Matthew BoyleAs we move towards creating international 5G service coverage, non-terrestrial networks (NTN) technology has the potential to eliminate various challenges. Over the past two decades, the world has experienced widespread innovation in mobile technologies. We have seen breakthroughs in Wi-Fi connectivity, biological, and considerable growth in attached devices. But patchy coverage, dropped calls, and inconsistent data speeds continue to challenge 4G and 5G networks, stemming from the natural limitations of earth networks.
Terrestrial over non-terrestrial networks (NTN)
Network providers deploy earth networks on the ground, as their names imply, and NTNs are deployed in Earth orbit. NTNs enable telecommunication services to reach remote areas that are not possible with standard ground-based networks by using satellite systems or flying platforms. Below is a typical 5G telecommunications network with user equipment (UE), radio access network (RAN), and core. In essence, UEs must communicate with a 5G RAN, which sends voice and data from the UEs to the 5G core and up. The issue is that this relies on cell towers that can only provide a minimal number of users at once.
To overcome this challenge, network operators usually install one cell tower every 300-800 meters in densely populated areas and every 2-3 kilometers abroad. But covering a country this way, or the planet, proves impractical and extremely costly.
NTNs offer a more practical solution, considerably expanding 5G coverage worldwide. Making use of satellites or flying vehicles as RAN transceivers increases demand and traffic and provides connectivity in difficult-to-reach areas. But, there are also challenges when it comes to NTN networks. One of the crucial hurdles to overcome is ensuring natural, system, and application layer compatibility, as well as addressing issues related to standards compliance and performance benchmarks.
NTN was introduced into the 5G standard thanks to standards like the 3rd Generation Partnership Project (3GPP ). This means that engineers can add satellite links to 5G devices, enabling connectivity whether it is from earth-based or non-terrestrial infrastructure. The market for satellite communications has expanded with the introduction of 3GPP 5G NTNs to include earth cellular network operators as well. This enables users to have immediate access to satellite mobile services between 5G-compliant NTNs and terrestrial wireless networks.
Although this is a wonderful step forward, amazing NTNs that operate outside of accepted standards also present challenges. For example, SpaceX’s Starlink offers global internet access, but because Starlink operates outside of 3GPP standards, users also need an extra gateway device for Starlink internet access.
Satellites and aerial vehicles
When it comes to satellite-based NTNs these consist of NTN gateways, service links, and feeder links. The satellite can play a number of different roles, including serving as a relay link between UEs and NTN gateways, as depicted in Figure 2 below.
Additionally, network developers could use the satellite as a gNB base station, as seen in Figure 3. Also, as shown in Figure 4, satellites may serve as a backhaul between a distant terrestrial RAN and a 5G core. A network operator might use a satellite as a relay, gNB, or backhaul to extend network coverage to rural areas, provide redundancy in case of earth network failures, and support high-capacity, high-speed data transmission.

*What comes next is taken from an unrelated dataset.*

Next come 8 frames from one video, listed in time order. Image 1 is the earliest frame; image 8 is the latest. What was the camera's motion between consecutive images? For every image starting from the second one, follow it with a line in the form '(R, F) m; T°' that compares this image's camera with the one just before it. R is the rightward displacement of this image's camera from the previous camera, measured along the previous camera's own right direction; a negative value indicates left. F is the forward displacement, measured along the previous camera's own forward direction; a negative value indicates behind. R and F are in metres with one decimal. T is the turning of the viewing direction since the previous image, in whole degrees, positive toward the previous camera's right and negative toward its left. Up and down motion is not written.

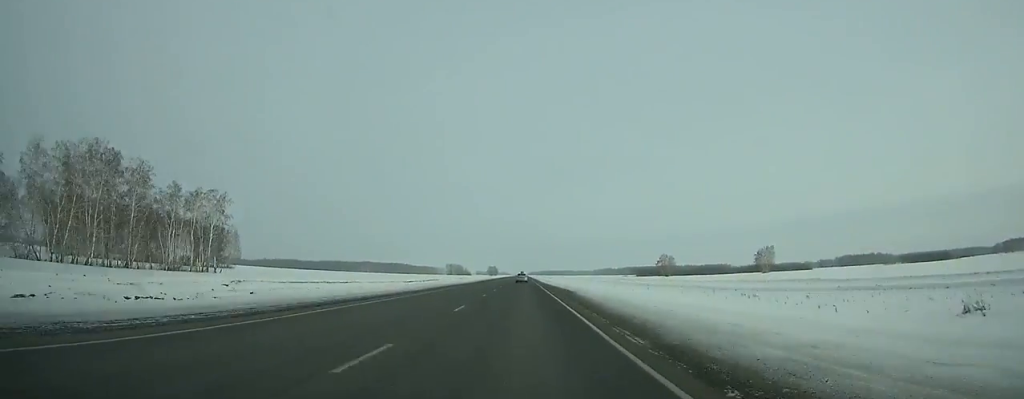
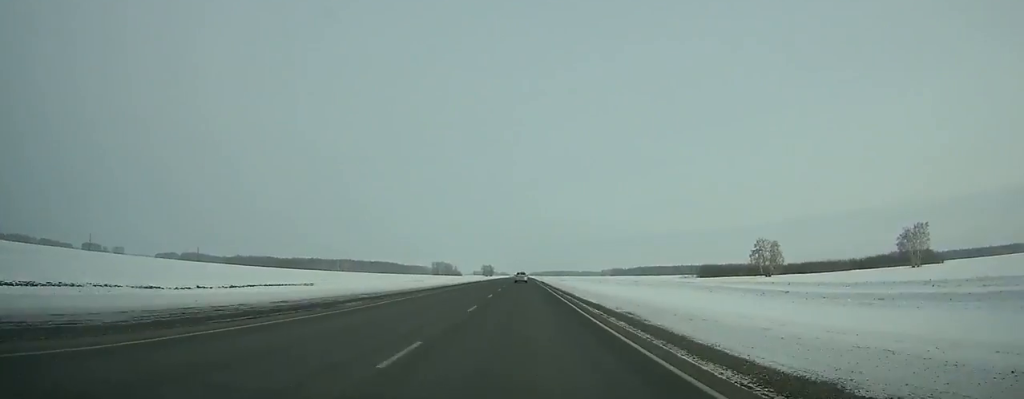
(-0.4, +155.9) m; 0°
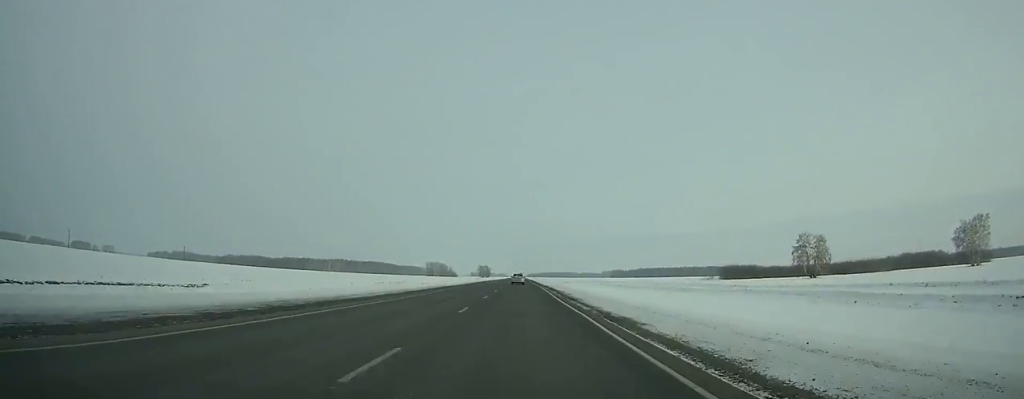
(0.0, +36.7) m; 0°
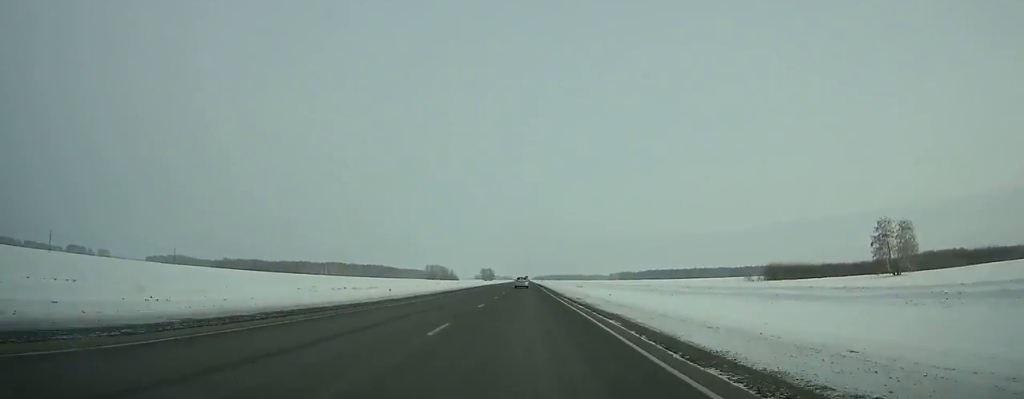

With the standards even allowing flying vehicles, satellites are not the only option when it comes to 5G NTNs. The 5G standard includes high altitude platforms (HAPs) flying at altitudes of 8 – 50 kilometers, including heavier-than-air systems like airplanes or drones and lighter-than-air systems like airships or balloons. Similar to satellites, they function as open relays, base stations, or backhauls. HAPs enable faster, easier, and cheaper launches compared to satellites. However, they usually only stay aerial for hours or days, simply enabling momentary coverage.
The future
Users can expect the same level of service regardless of whether they use geological networks or NTNs. NTNs come with their own distinct set of challenges, including latency issues brought on by satellite altitude, handover complexity given the continuous movements of users and satellites, and a Doppler shift in frequency due to the speed of satellite orbit.
NTNs are widely discussed when it comes to use cases for national security, defense, and disaster response. NTNs might prove even more potent commercially, especially for transportation and business IoT applications, despite the fact that these emergency scenarios would undoubtedly benefit from widespread network coverage. When it comes to supporting offshore oil rigs, merchant shipping, fishing crews, or airline communication, enabling communication in hard to reach places will have a big impact. When it comes to business IoT applications, most use cases relate to tracking and sensing technologies, such as real-time asset tracking, equipment monitoring, and bright farming. Although these applications typically operate at lower data rates, they do need to adhere to the standards that 5G NTN was created to support.
Ultimately, NTNs are not a magic bullet for delivering global connectivity. But, standards bodies are considering adding new features to the NTNs in upcoming 5G New Radio and 6G standards releases. Enhancements include increased coverage and increased data rates achieved by using phased array beamforming and more effective transmission methods. Also, custom NTNs will continue innovating based on market demands. NTNs will revolutionize wireless connectivity and make a quick, reliable network coverage available for both business and professional IoT applications.